Records from a data collection:
————

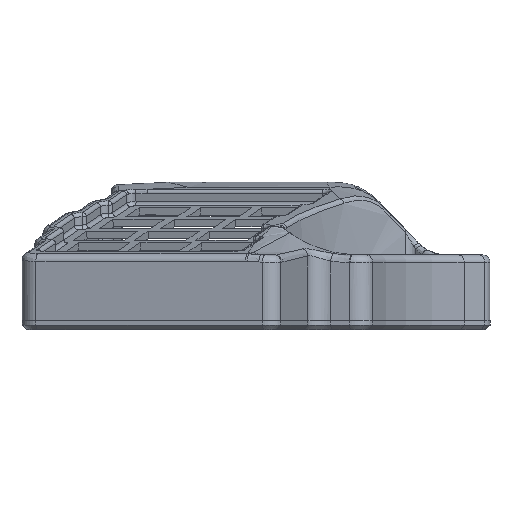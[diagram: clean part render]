
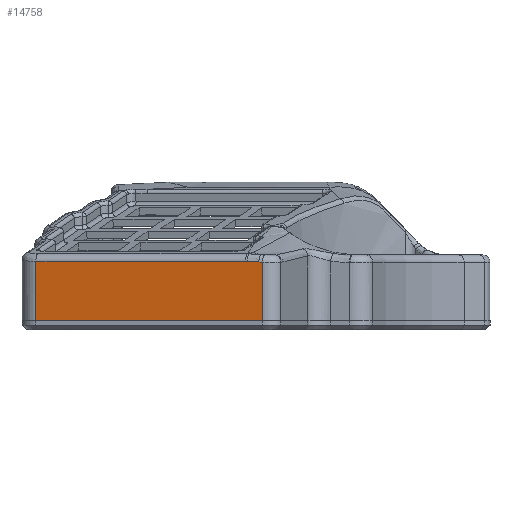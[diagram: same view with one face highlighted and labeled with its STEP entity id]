
A CAD part, left-side view. The second image highlights one B-rep face of the part: STEP entity #14758.
In plain terms, the highlighted planar face has unit normal (-0.966, 0.259, 0).
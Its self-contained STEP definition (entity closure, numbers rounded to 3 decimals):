
#397=PLANE('',#15929);
#778=LINE('',#22423,#1977);
#924=LINE('',#25557,#2123);
#925=LINE('',#25559,#2124);
#926=LINE('',#25560,#2125);
#1977=VECTOR('',#17541,10.);
#2123=VECTOR('',#18337,10.);
#2124=VECTOR('',#18338,10.);
#2125=VECTOR('',#18339,10.);
#3652=FACE_OUTER_BOUND('',#4542,.T.);
#4542=EDGE_LOOP('',(#10994,#10995,#10996,#10997,#10998,#10999,#11000));
#5399=CIRCLE('',#15602,7.153);
#6096=B_SPLINE_CURVE_WITH_KNOTS('',3,(#22390,#22391,#22392,#22393),
 .UNSPECIFIED.,.F.,.F.,(4,4),(-0.429,-0.104),
 .UNSPECIFIED.);
#6114=B_SPLINE_CURVE_WITH_KNOTS('',3,(#23966,#23967,#23968,#23969),
 .UNSPECIFIED.,.F.,.F.,(4,4),(-0.104,0.),
 .UNSPECIFIED.);
#6397=VERTEX_POINT('',#22317);
#6400=VERTEX_POINT('',#22388);
#6402=VERTEX_POINT('',#22416);
#6404=VERTEX_POINT('',#22421);
#6529=VERTEX_POINT('',#23862);
#6709=VERTEX_POINT('',#25556);
#6710=VERTEX_POINT('',#25558);
#7851=EDGE_CURVE('',#6400,#6397,#6096,.T.);
#7854=EDGE_CURVE('',#6402,#6400,#5399,.T.);
#7856=EDGE_CURVE('',#6404,#6402,#778,.T.);
#8049=EDGE_CURVE('',#6397,#6529,#6114,.T.);
#8309=EDGE_CURVE('',#6404,#6709,#924,.T.);
#8310=EDGE_CURVE('',#6709,#6710,#925,.F.);
#8311=EDGE_CURVE('',#6710,#6529,#926,.T.);
#10994=ORIENTED_EDGE('',*,*,#7856,.F.);
#10995=ORIENTED_EDGE('',*,*,#8309,.T.);
#10996=ORIENTED_EDGE('',*,*,#8310,.T.);
#10997=ORIENTED_EDGE('',*,*,#8311,.T.);
#10998=ORIENTED_EDGE('',*,*,#8049,.F.);
#10999=ORIENTED_EDGE('',*,*,#7851,.F.);
#11000=ORIENTED_EDGE('',*,*,#7854,.F.);
#14758=ADVANCED_FACE('',(#3652),#397,.T.);
#15602=AXIS2_PLACEMENT_3D('',#22418,#17535,#17536);
#15929=AXIS2_PLACEMENT_3D('',#25555,#18335,#18336);
#17535=DIRECTION('center_axis',(0.966,-0.259,0.));
#17536=DIRECTION('ref_axis',(-0.014,-0.053,0.998));
#17541=DIRECTION('',(-0.259,-0.966,0.));
#18335=DIRECTION('center_axis',(-0.966,0.259,0.));
#18336=DIRECTION('ref_axis',(-0.259,-0.966,0.));
#18337=DIRECTION('',(0.,0.,-1.));
#18338=DIRECTION('',(0.259,0.966,0.));
#18339=DIRECTION('',(0.,0.,1.));
#22317=CARTESIAN_POINT('',(11.945,-87.095,7.649));
#22388=CARTESIAN_POINT('',(12.785,-83.96,7.837));
#22390=CARTESIAN_POINT('Ctrl Pts',(12.785,-83.96,7.837));
#22391=CARTESIAN_POINT('Ctrl Pts',(12.505,-85.006,7.778));
#22392=CARTESIAN_POINT('Ctrl Pts',(12.225,-86.051,7.715));
#22393=CARTESIAN_POINT('Ctrl Pts',(11.945,-87.095,7.649));
#22416=CARTESIAN_POINT('',(12.887,-83.579,7.848));
#22418=CARTESIAN_POINT('Origin',(12.887,-83.579,0.695));
#22421=CARTESIAN_POINT('',(27.931,-27.435,7.848));
#22423=CARTESIAN_POINT('',(30.288,-18.641,7.848));
#23862=CARTESIAN_POINT('',(11.677,-88.095,7.592));
#23966=CARTESIAN_POINT('Ctrl Pts',(11.945,-87.095,7.649));
#23967=CARTESIAN_POINT('Ctrl Pts',(11.856,-87.429,7.628));
#23968=CARTESIAN_POINT('Ctrl Pts',(11.767,-87.762,7.609));
#23969=CARTESIAN_POINT('Ctrl Pts',(11.677,-88.095,7.592));
#25555=CARTESIAN_POINT('Origin',(27.672,-28.401,-9.));
#25556=CARTESIAN_POINT('',(27.931,-27.435,-8.));
#25557=CARTESIAN_POINT('',(27.931,-27.435,-9.));
#25558=CARTESIAN_POINT('',(11.677,-88.095,-8.));
#25559=CARTESIAN_POINT('',(25.115,-37.945,-8.));
#25560=CARTESIAN_POINT('',(11.677,-88.095,-9.));
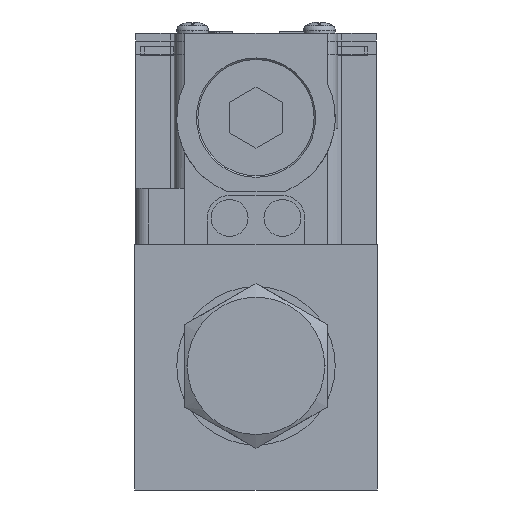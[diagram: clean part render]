
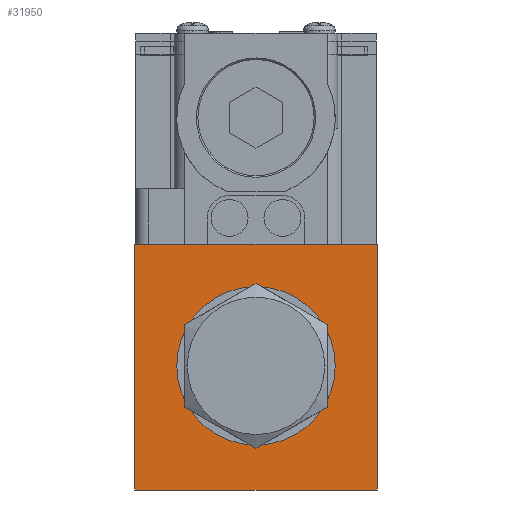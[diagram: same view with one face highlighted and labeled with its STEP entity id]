
A CAD part, left-side view. The second image highlights one B-rep face of the part: STEP entity #31950.
In plain terms, the highlighted planar face has unit normal (-1, 0, 0).
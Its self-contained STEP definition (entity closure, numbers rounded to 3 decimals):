
#637 = VERTEX_POINT ( 'NONE', #17832 ) ;
#1379 = DIRECTION ( 'NONE',  ( -1., 0., 0. ) ) ;
#2035 = VECTOR ( 'NONE', #14689, 1000. ) ;
#3371 = ORIENTED_EDGE ( 'NONE', *, *, #33768, .F. ) ;
#5340 = LINE ( 'NONE', #36987, #2035 ) ;
#6121 = DIRECTION ( 'NONE',  ( 0., 0., -1. ) ) ;
#7332 = EDGE_CURVE ( 'NONE', #637, #33756, #26247, .T. ) ;
#7345 = CARTESIAN_POINT ( 'NONE',  ( 0., 23.5, 38. ) ) ;
#7602 = CARTESIAN_POINT ( 'NONE',  ( 0., 0., 46. ) ) ;
#7836 = EDGE_CURVE ( 'NONE', #13777, #13951, #40810, .T. ) ;
#8317 = EDGE_CURVE ( 'NONE', #41892, #22485, #18156, .T. ) ;
#8375 = FACE_BOUND ( 'NONE', #36789, .T. ) ;
#11730 = CARTESIAN_POINT ( 'NONE',  ( 0., 0., 0. ) ) ;
#12272 = CARTESIAN_POINT ( 'NONE',  ( 0., 23.5, 23. ) ) ;
#13336 = VECTOR ( 'NONE', #39199, 1000. ) ;
#13777 = VERTEX_POINT ( 'NONE', #25869 ) ;
#13951 = VERTEX_POINT ( 'NONE', #7602 ) ;
#14689 = DIRECTION ( 'NONE',  ( 0., 1., 0. ) ) ;
#16108 = AXIS2_PLACEMENT_3D ( 'NONE', #12272, #31376, #6121 ) ;
#17500 = ORIENTED_EDGE ( 'NONE', *, *, #17534, .T. ) ;
#17520 = FACE_OUTER_BOUND ( 'NONE', #28177, .T. ) ;
#17534 = EDGE_CURVE ( 'NONE', #22485, #41892, #34405, .T. ) ;
#17832 = CARTESIAN_POINT ( 'NONE',  ( 0., 46.5, 0. ) ) ;
#18156 = CIRCLE ( 'NONE', #26298, 15. ) ;
#18627 = ORIENTED_EDGE ( 'NONE', *, *, #7332, .F. ) ;
#20533 = ORIENTED_EDGE ( 'NONE', *, *, #39807, .T. ) ;
#20866 = VECTOR ( 'NONE', #24686, 1000. ) ;
#21176 = CARTESIAN_POINT ( 'NONE',  ( 0., 23.5, 8. ) ) ;
#22485 = VERTEX_POINT ( 'NONE', #7345 ) ;
#22658 = AXIS2_PLACEMENT_3D ( 'NONE', #33640, #1379, #30861 ) ;
#24686 = DIRECTION ( 'NONE',  ( 0., 0., 1. ) ) ;
#25869 = CARTESIAN_POINT ( 'NONE',  ( 0., 0., 0. ) ) ;
#26247 = LINE ( 'NONE', #29841, #13336 ) ;
#26298 = AXIS2_PLACEMENT_3D ( 'NONE', #39361, #32977, #35955 ) ;
#26459 = ORIENTED_EDGE ( 'NONE', *, *, #7836, .T. ) ;
#28177 = EDGE_LOOP ( 'NONE', ( #20533, #18627, #3371, #26459 ) ) ;
#28219 = LINE ( 'NONE', #31395, #33646 ) ;
#28300 = ORIENTED_EDGE ( 'NONE', *, *, #8317, .T. ) ;
#29841 = CARTESIAN_POINT ( 'NONE',  ( 0., 46.5, 0. ) ) ;
#30861 = DIRECTION ( 'NONE',  ( 0., 0., 1. ) ) ;
#31376 = DIRECTION ( 'NONE',  ( 1., 0., 0. ) ) ;
#31395 = CARTESIAN_POINT ( 'NONE',  ( 0., 0., 0. ) ) ;
#31950 = ADVANCED_FACE ( 'NONE', ( #17520, #8375 ), #37032, .T. ) ;
#32977 = DIRECTION ( 'NONE',  ( 1., 0., 0. ) ) ;
#33640 = CARTESIAN_POINT ( 'NONE',  ( 0., 0., 0. ) ) ;
#33646 = VECTOR ( 'NONE', #35224, 1000. ) ;
#33756 = VERTEX_POINT ( 'NONE', #40952 ) ;
#33768 = EDGE_CURVE ( 'NONE', #13777, #637, #28219, .T. ) ;
#34405 = CIRCLE ( 'NONE', #16108, 15. ) ;
#35224 = DIRECTION ( 'NONE',  ( 0., 1., 0. ) ) ;
#35955 = DIRECTION ( 'NONE',  ( 0., 0., -1. ) ) ;
#36789 = EDGE_LOOP ( 'NONE', ( #28300, #17500 ) ) ;
#36987 = CARTESIAN_POINT ( 'NONE',  ( 0., 0., 46. ) ) ;
#37032 = PLANE ( 'NONE',  #22658 ) ;
#39199 = DIRECTION ( 'NONE',  ( 0., 0., 1. ) ) ;
#39361 = CARTESIAN_POINT ( 'NONE',  ( 0., 23.5, 23. ) ) ;
#39807 = EDGE_CURVE ( 'NONE', #13951, #33756, #5340, .T. ) ;
#40810 = LINE ( 'NONE', #11730, #20866 ) ;
#40952 = CARTESIAN_POINT ( 'NONE',  ( 0., 46.5, 46. ) ) ;
#41892 = VERTEX_POINT ( 'NONE', #21176 ) ;

————

■ **Problem to solve**
Reproduce only the lines above spanning from the line containing "#10999=ORIENTED_EDGE('',*,*,#7851,.F.);" through the line containing "#23862=CARTESIAN_POINT('',(11.677,-88.095,7.592));", word for word.

■ **Exercise solution**
#10999=ORIENTED_EDGE('',*,*,#7851,.F.);
#11000=ORIENTED_EDGE('',*,*,#7854,.F.);
#14758=ADVANCED_FACE('',(#3652),#397,.T.);
#15602=AXIS2_PLACEMENT_3D('',#22418,#17535,#17536);
#15929=AXIS2_PLACEMENT_3D('',#25555,#18335,#18336);
#17535=DIRECTION('center_axis',(0.966,-0.259,0.));
#17536=DIRECTION('ref_axis',(-0.014,-0.053,0.998));
#17541=DIRECTION('',(-0.259,-0.966,0.));
#18335=DIRECTION('center_axis',(-0.966,0.259,0.));
#18336=DIRECTION('ref_axis',(-0.259,-0.966,0.));
#18337=DIRECTION('',(0.,0.,-1.));
#18338=DIRECTION('',(0.259,0.966,0.));
#18339=DIRECTION('',(0.,0.,1.));
#22317=CARTESIAN_POINT('',(11.945,-87.095,7.649));
#22388=CARTESIAN_POINT('',(12.785,-83.96,7.837));
#22390=CARTESIAN_POINT('Ctrl Pts',(12.785,-83.96,7.837));
#22391=CARTESIAN_POINT('Ctrl Pts',(12.505,-85.006,7.778));
#22392=CARTESIAN_POINT('Ctrl Pts',(12.225,-86.051,7.715));
#22393=CARTESIAN_POINT('Ctrl Pts',(11.945,-87.095,7.649));
#22416=CARTESIAN_POINT('',(12.887,-83.579,7.848));
#22418=CARTESIAN_POINT('Origin',(12.887,-83.579,0.695));
#22421=CARTESIAN_POINT('',(27.931,-27.435,7.848));
#22423=CARTESIAN_POINT('',(30.288,-18.641,7.848));
#23862=CARTESIAN_POINT('',(11.677,-88.095,7.592));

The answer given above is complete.